Quantum State Vectors
An extended comparison of quantum state 'vectors', and the regular ol' physics vectors.
Vectors
The state of a quantum system--all we can know about it--is represented by a "ket", written $$\ket{\psi}.\nonumber$$ That's the greek letter $\psi$, spelled as "psi" and pronounced as sigh.
Many physics quantities can be represented by vectors. $$\myv A\nonumber.$$
Completeness
Any possible quantum state (completeness) can be described as a linear superposition of basis states. The basis states of the $Z$ analyzer are $\ket +$, (spin up, or $S_z=+\hbar/2$) and $\ket -$ (spin down, or $S_z=-\hbar/2$).
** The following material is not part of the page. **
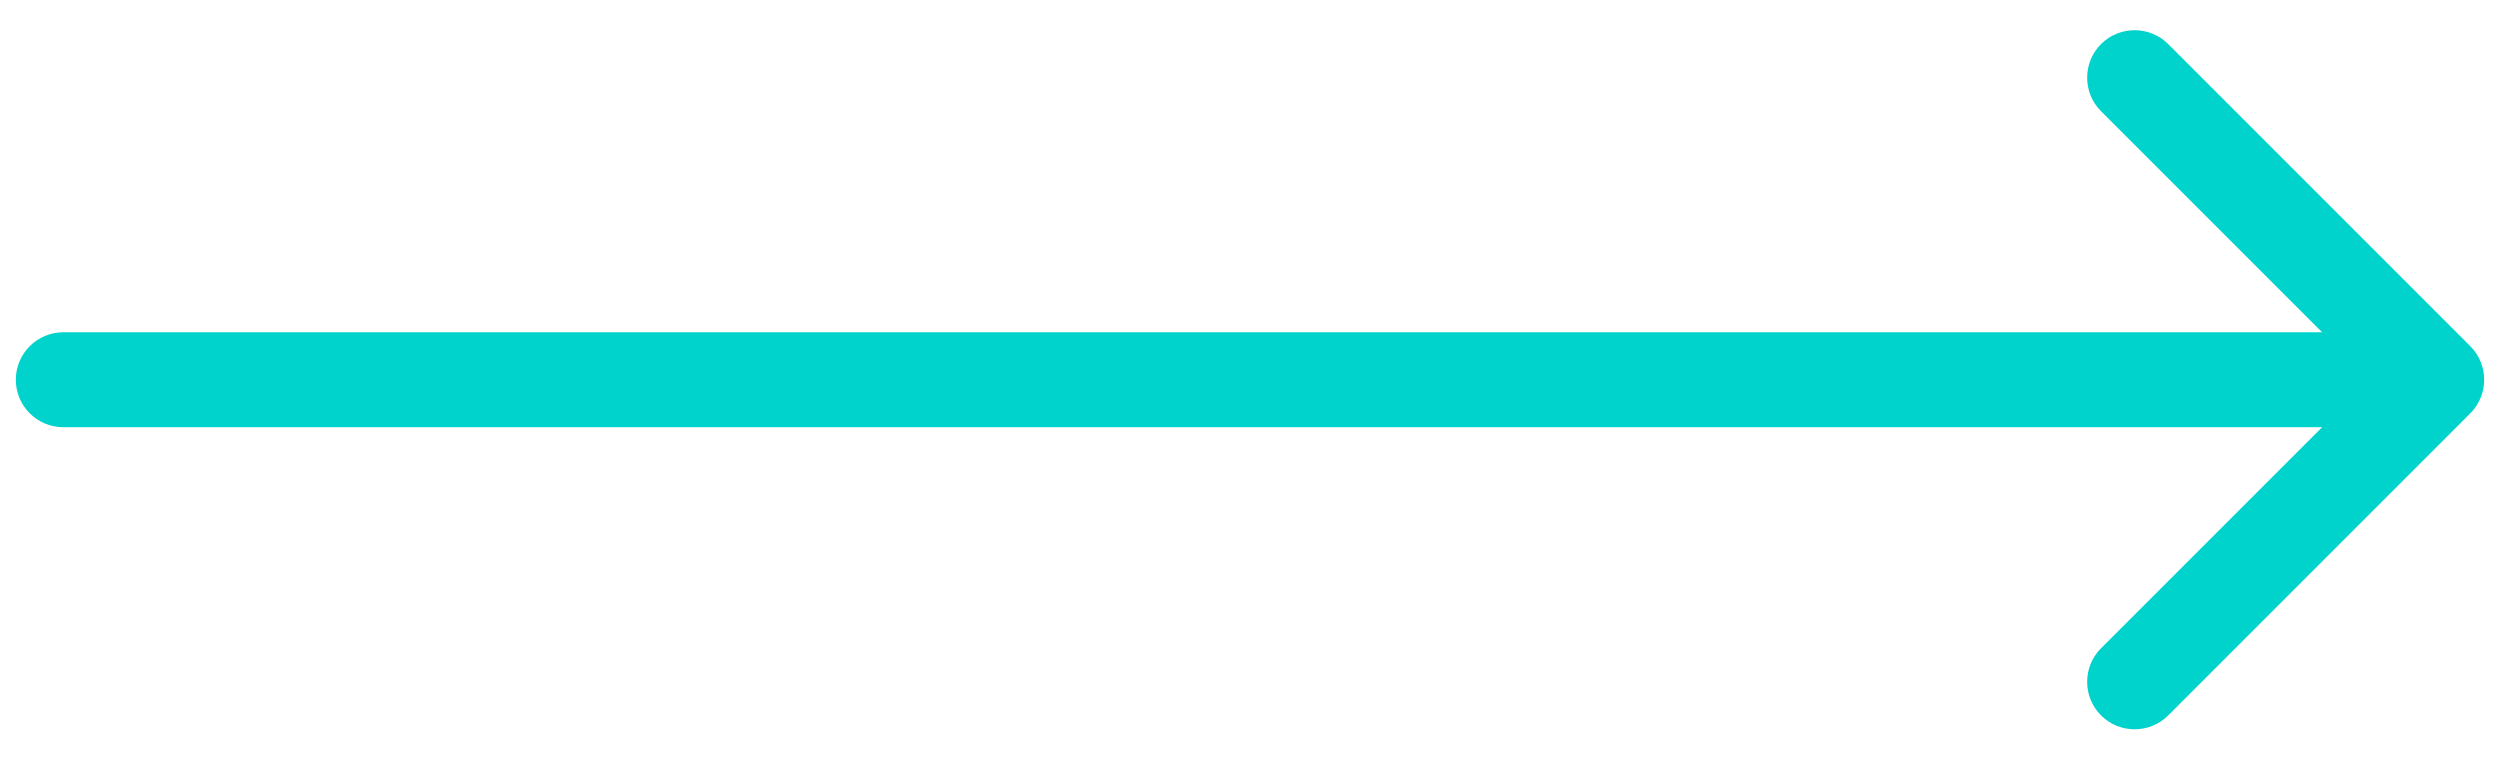 <?xml version="1.0" encoding="UTF-8"?> <svg xmlns="http://www.w3.org/2000/svg" width="79" height="24" viewBox="0 0 79 24" fill="none"> <path d="M2 10.5C1.172 10.5 0.5 11.172 0.5 12C0.5 12.828 1.172 13.5 2 13.5L2 10.5ZM78.061 13.061C78.646 12.475 78.646 11.525 78.061 10.939L68.515 1.393C67.929 0.808 66.979 0.808 66.393 1.393C65.808 1.979 65.808 2.929 66.393 3.515L74.879 12L66.393 20.485C65.808 21.071 65.808 22.021 66.393 22.607C66.979 23.192 67.929 23.192 68.515 22.607L78.061 13.061ZM2 13.5L77 13.5L77 10.5L2 10.5L2 13.5Z" fill="#00D2CC"></path> </svg>

So any $\ket \psi$ of an electron (a spin-1/2 particle) can be written as $$\ket \psi = a\ket + + b\ket -.$$ where $a$ and $b$ are complex numbers.
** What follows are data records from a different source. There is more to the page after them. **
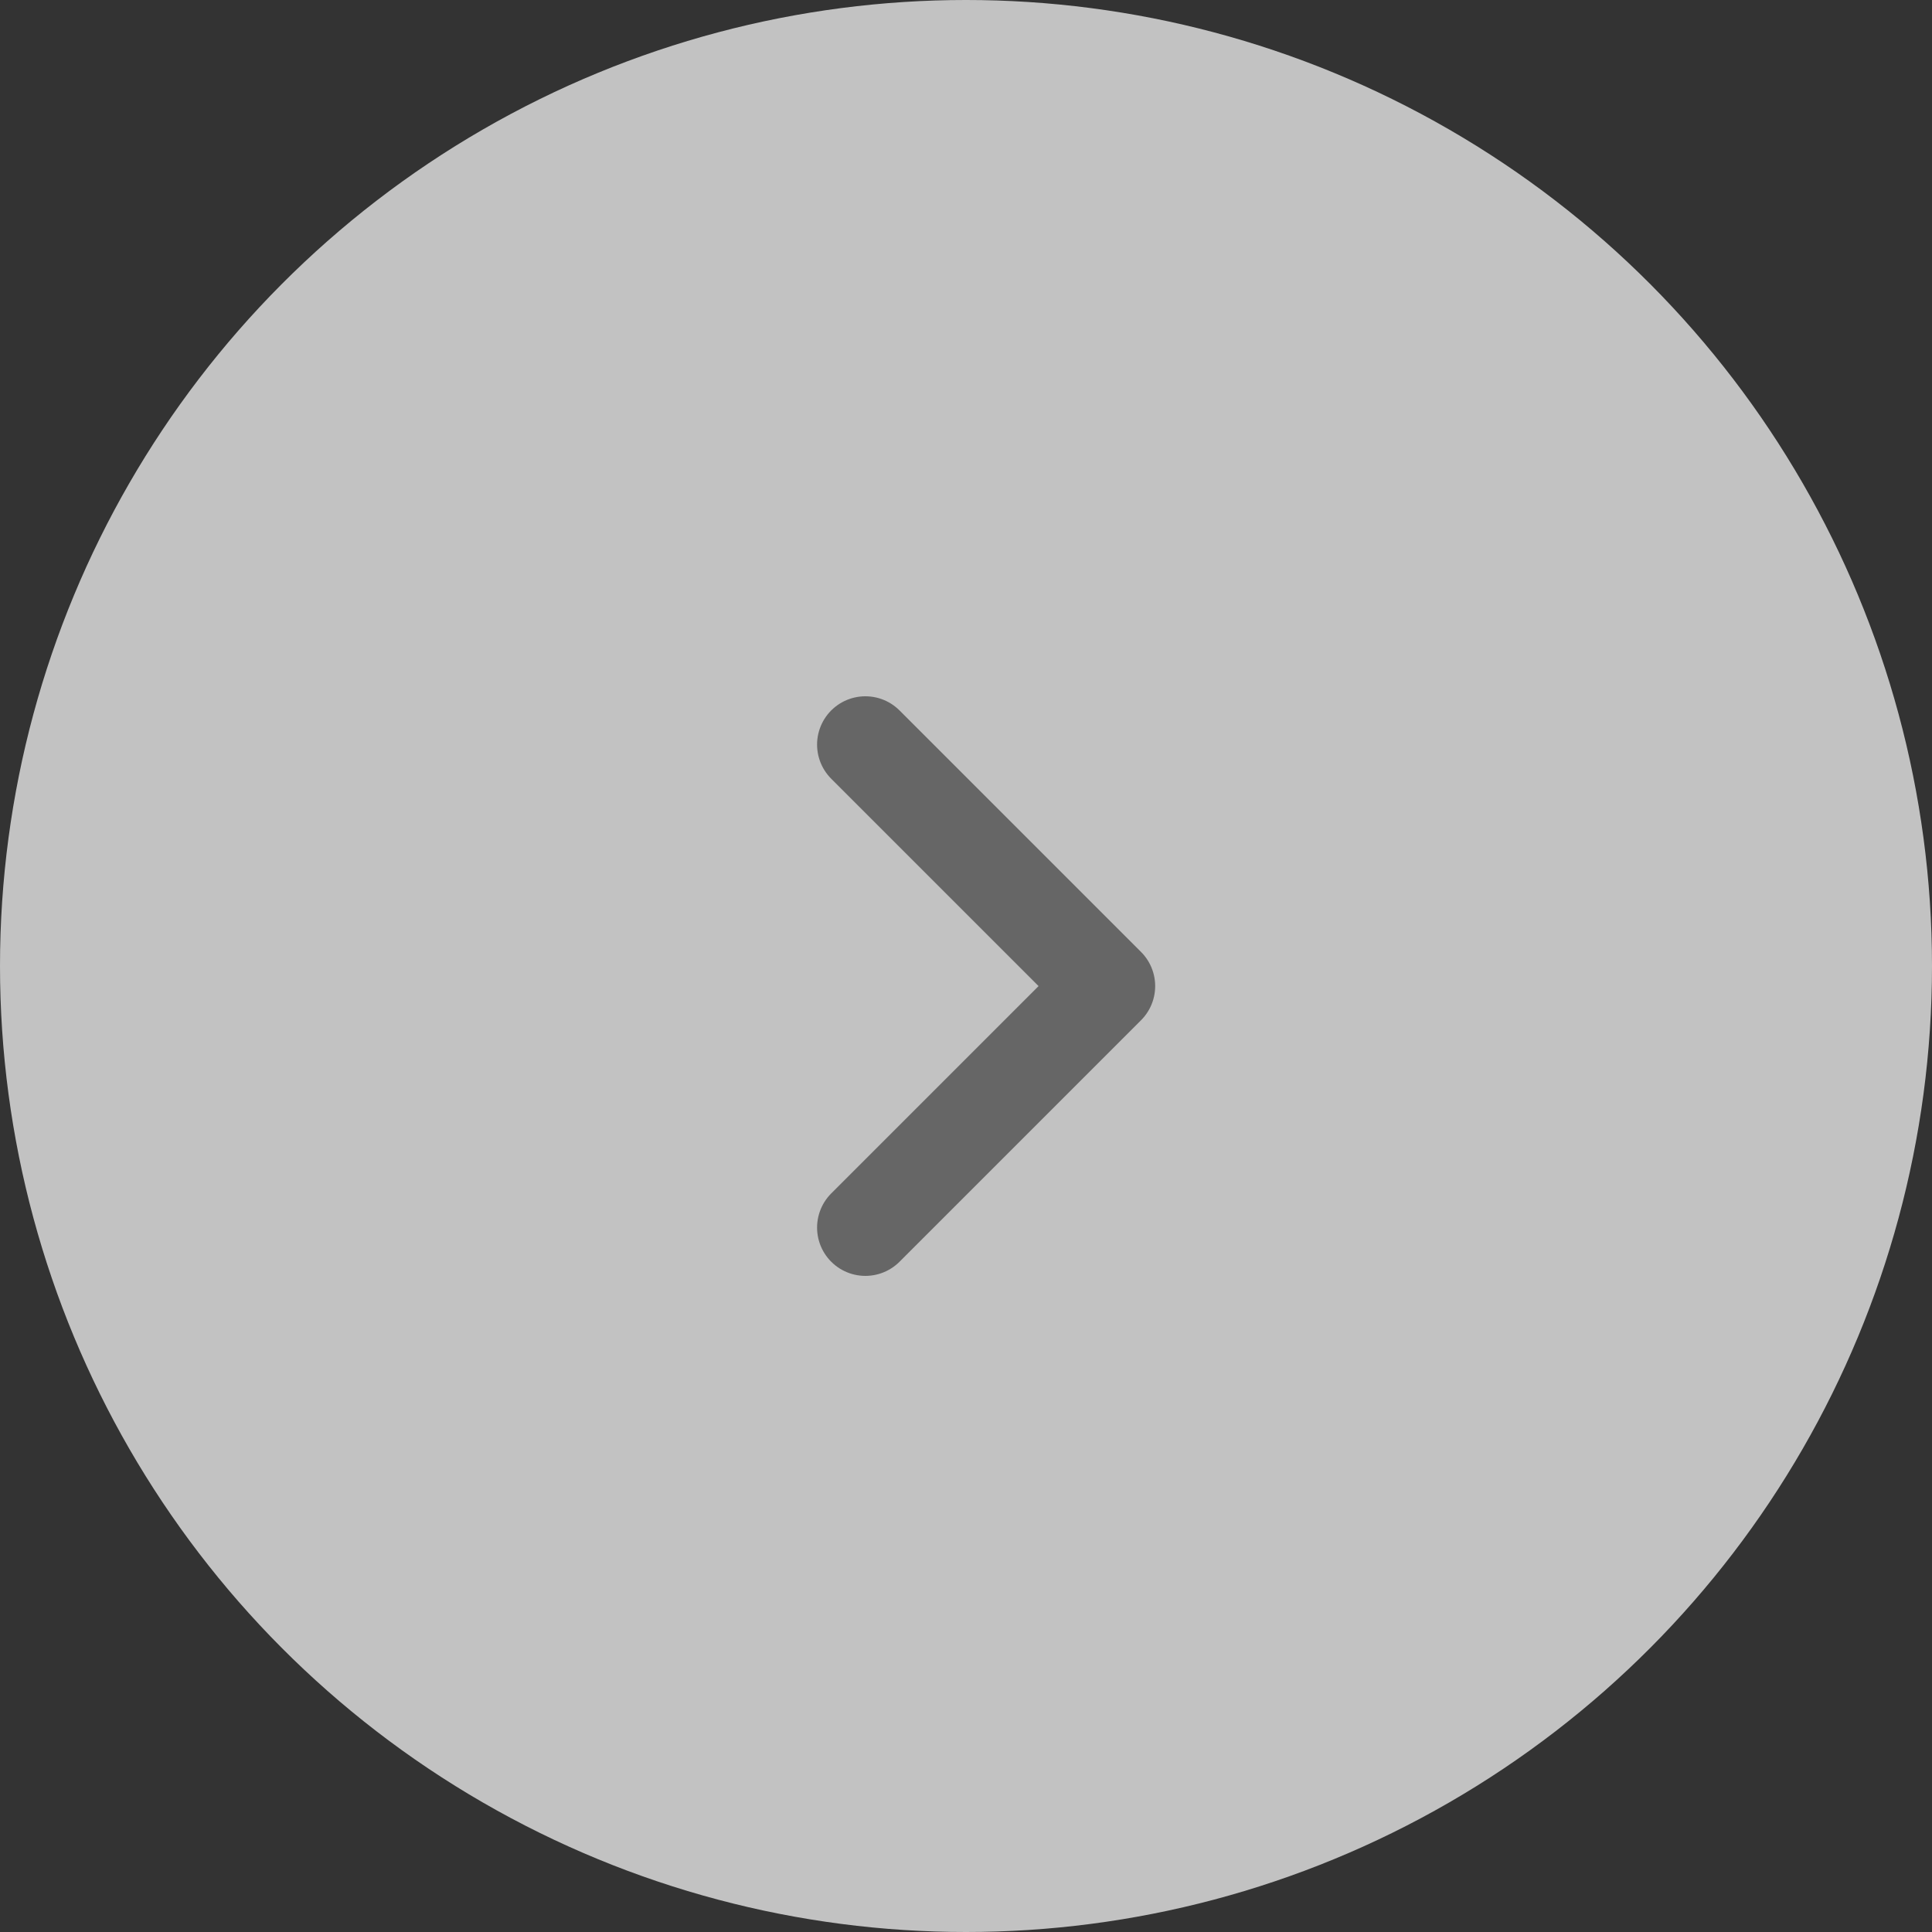<svg xmlns="http://www.w3.org/2000/svg" width="48" height="48" viewBox="0 0 48 48">
  <rect x="0" y="0" width="48" height="48" fill="#333333" stroke="none"/>
  <g id="Group_255" data-name="Group 255" transform="translate(0)">
    <circle id="Ellipse_10" data-name="Ellipse 10" cx="24" cy="24" r="24" transform="translate(0)" fill="#fff" opacity="0.7"/>
    <path id="Path_178" data-name="Path 178" d="M128.731,262.253l6-6-6-6" transform="translate(-107.231 -231.754)" fill="none" stroke="#666" stroke-linecap="round" stroke-linejoin="round" stroke-width="2.4"/>
  </g>
</svg>

There are only 2 possible outcomes for a measurement of of the $z$ component of the spin of an electron. But there are other fundamental particles that have 3 or more possible $S_z$ components, and this scheme can readily be generalized to describe state vectors in any old $n$-dimensional space.
Any vector (completeness) can be written as a linear sum of unit vectors in a particular coordinate system: $$\myv A=A_x\uv i+A_y\uv j,$$ where $A_x$ and $A_y$ are real numbers.
In addition to 2-d vectors, we routinely use 3-d vectors to describe positions, velocities, etc, in 3-d space. In special relativity we can talk about 4-d space-time vectors. And in principle this scheme can be generalized to any desired number of dimensions.